+++ Exercise input

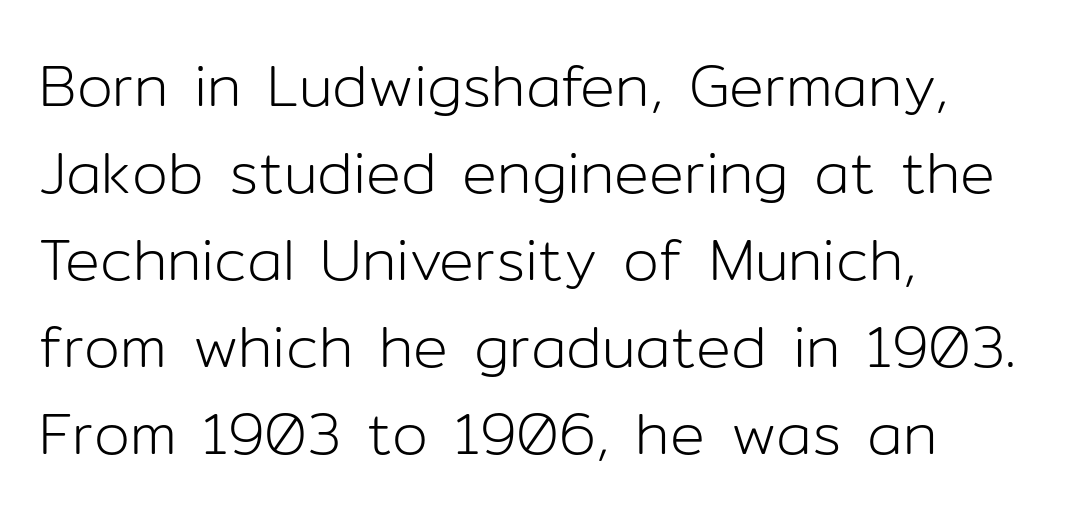
The image shows 58 px light sans-serif type, upright; set left-aligned, normal line spacing (1.5x), normal letter spacing, not underlined; low stroke contrast and a medium x-height.
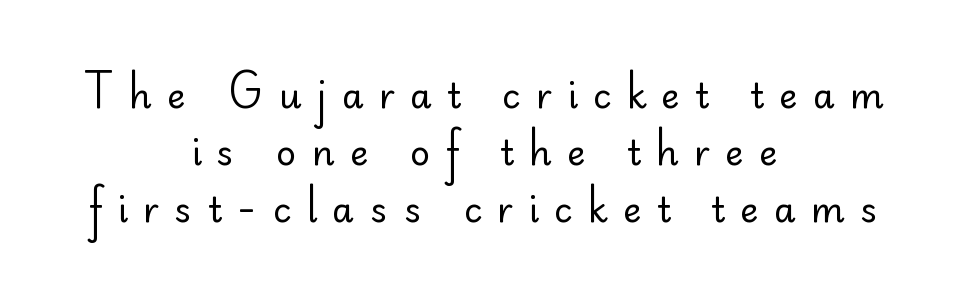
{"serif": "no", "italic": "no", "bold": "no", "weight": "regular", "width": "normal", "stroke_contrast": "low", "x_height": "small", "monospaced": "no", "underline": "no", "align": "center", "line_spacing": "normal", "line_spacing_ratio": 1.63, "letter_spacing": "wide", "letter_spacing_em": 0.44, "glyph_px": 35}
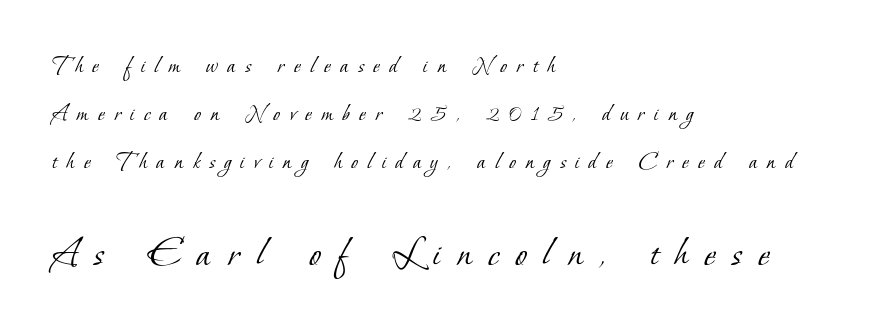
The image shows 43 px light serif type; set left-aligned, loose line spacing (1.92x), unusually wide letter spacing (+0.39 em), not underlined; the second (bottom) block is 1.72x larger; low stroke contrast and a small x-height.
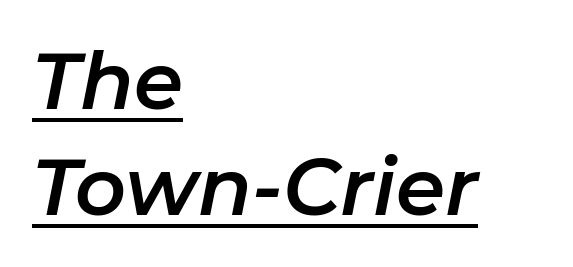
The image shows 79 px text type, italic (leaning right); set left-aligned, normal line spacing (1.34x), normal letter spacing, underlined; low stroke contrast and a medium x-height.
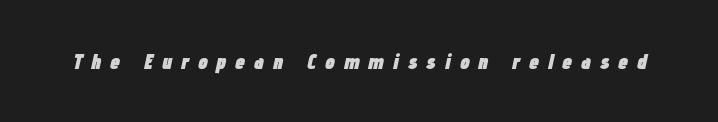
{"italic": "yes", "lean": "right", "slant_degrees": 12, "bold": "yes", "underline": "no", "letter_spacing": "wide", "letter_spacing_em": 0.4, "glyph_px": 22}
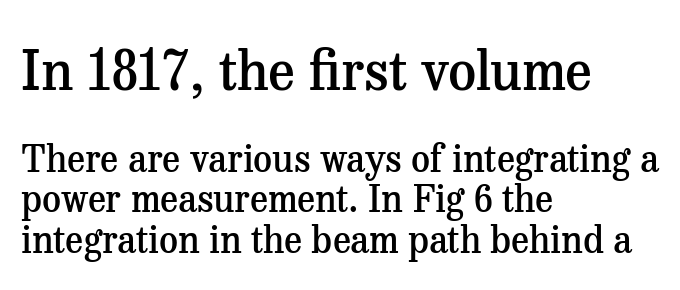
The image shows 55 px semibold serif type, upright; set left-aligned, tight line spacing (1.09x), normal letter spacing, not underlined; the first (top) block is 1.49x larger; medium stroke contrast and a medium x-height.
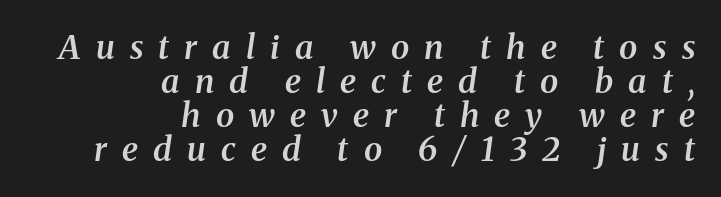
{"serif": "yes", "italic": "yes", "lean": "right", "slant_degrees": 8, "bold": "semi", "weight": "semibold", "width": "normal", "stroke_contrast": "medium", "x_height": "medium", "monospaced": "no", "underline": "no", "align": "right", "line_spacing": "tight", "line_spacing_ratio": 1.03, "letter_spacing": "wide", "letter_spacing_em": 0.46, "glyph_px": 33}
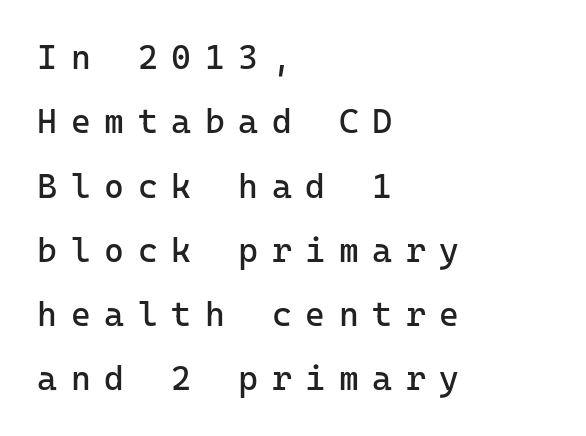
{"serif": "no", "italic": "no", "bold": "no", "weight": "regular", "width": "normal", "stroke_contrast": "low", "x_height": "medium", "underline": "no", "align": "left", "line_spacing_ratio": 1.89, "letter_spacing": "wide", "letter_spacing_em": 0.4, "glyph_px": 34}
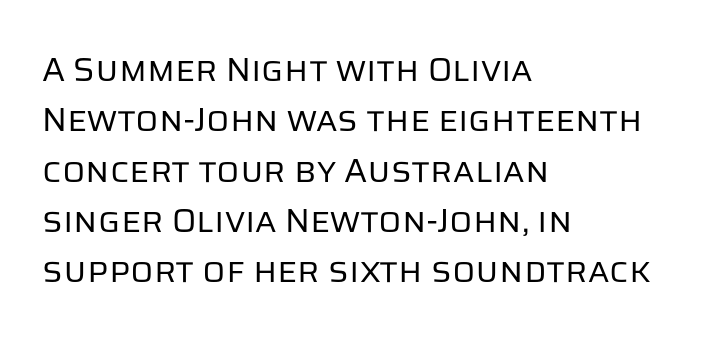
Q: Is the text bold? A: No.
Q: Is the text italic (slanted)? A: No, it is upright.
Q: Is the typeface a serif or a sans-serif typeface? A: Sans-serif.
Q: Is the text underlined? A: No.
Q: How is the paragraph aligned? A: Left-aligned.
Q: Is the spacing between letters normal or unusually wide? A: Normal.
Q: Is the spacing between lines tight, normal or loose? A: Normal.
Q: Width (condensed, normal, or wide)? A: Normal.
Q: Stroke contrast? A: Low.
Q: x-height? A: Large.
Q: Monospaced? A: No.
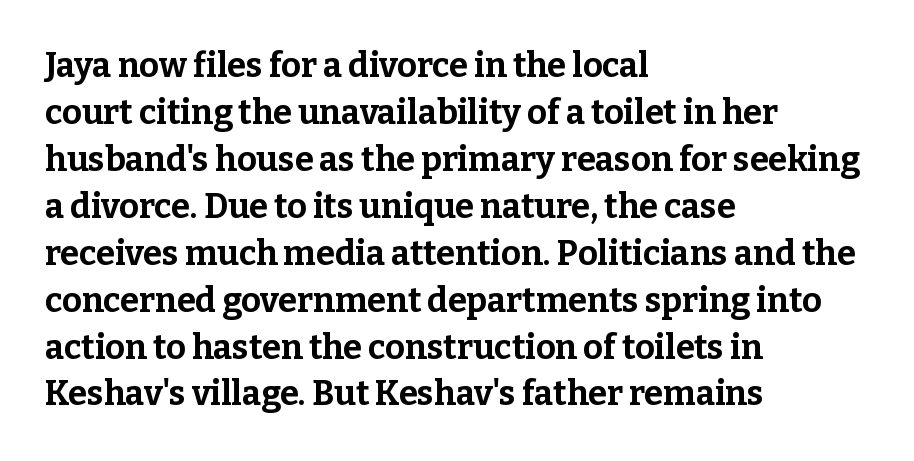
The image shows 34 px bold serif type, upright; set left-aligned, normal line spacing (1.38x), normal letter spacing, not underlined; low stroke contrast and a medium x-height.
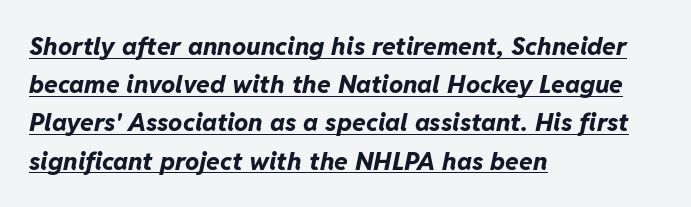
{"italic": "yes", "lean": "right", "slant_degrees": 11, "bold": "yes", "underline": "yes", "align": "left", "line_spacing": "normal", "line_spacing_ratio": 1.53, "letter_spacing": "normal", "letter_spacing_em": 0.0, "glyph_px": 25}
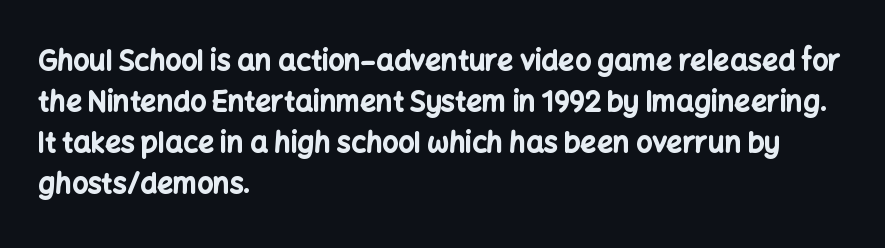
The image shows 28 px bold sans-serif type, upright; set left-aligned, normal line spacing (1.47x), normal letter spacing, not underlined; low stroke contrast and a medium x-height.
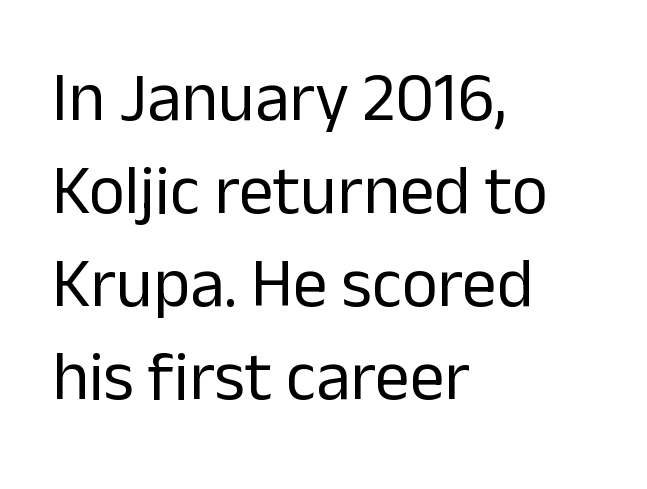
Regular leading. Characters remain perfectly vertical along every line. Where is the straight margin? On the left. Standard letterfit; no display-style spreading of the glyphs.
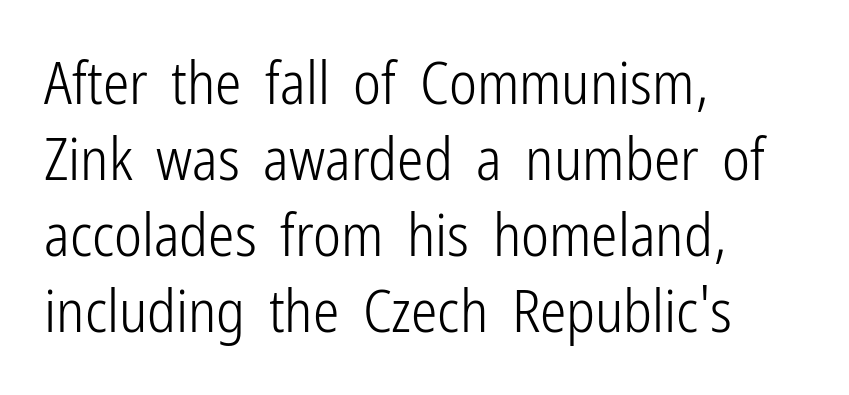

++++++

* [Work order]:
For each line in the records that holds "italic", show that line as it stands.

* [Your solution]:
{"serif": "no", "italic": "no", "bold": "no", "weight": "regular", "width": "normal", "stroke_contrast": "low", "x_height": "small", "monospaced": "no", "underline": "no", "align": "center", "line_spacing": "normal", "line_spacing_ratio": 1.63, "letter_spacing": "wide", "letter_spacing_em": 0.44, "glyph_px": 35}
The image shows 79 px text type, italic (leaning right); set left-aligned, normal line spacing (1.34x), normal letter spacing, underlined; low stroke contrast and a medium x-height.
{"italic": "yes", "lean": "right", "slant_degrees": 12, "bold": "yes", "underline": "no", "letter_spacing": "wide", "letter_spacing_em": 0.4, "glyph_px": 22}
{"serif": "yes", "italic": "yes", "lean": "right", "slant_degrees": 8, "bold": "semi", "weight": "semibold", "width": "normal", "stroke_contrast": "medium", "x_height": "medium", "monospaced": "no", "underline": "no", "align": "right", "line_spacing": "tight", "line_spacing_ratio": 1.03, "letter_spacing": "wide", "letter_spacing_em": 0.46, "glyph_px": 33}
{"serif": "no", "italic": "no", "bold": "no", "weight": "regular", "width": "normal", "stroke_contrast": "low", "x_height": "medium", "underline": "no", "align": "left", "line_spacing_ratio": 1.89, "letter_spacing": "wide", "letter_spacing_em": 0.4, "glyph_px": 34}
Q: Is the text italic (slanted)? A: No, it is upright.
{"italic": "yes", "lean": "right", "slant_degrees": 11, "bold": "yes", "underline": "yes", "align": "left", "line_spacing": "normal", "line_spacing_ratio": 1.53, "letter_spacing": "normal", "letter_spacing_em": 0.0, "glyph_px": 25}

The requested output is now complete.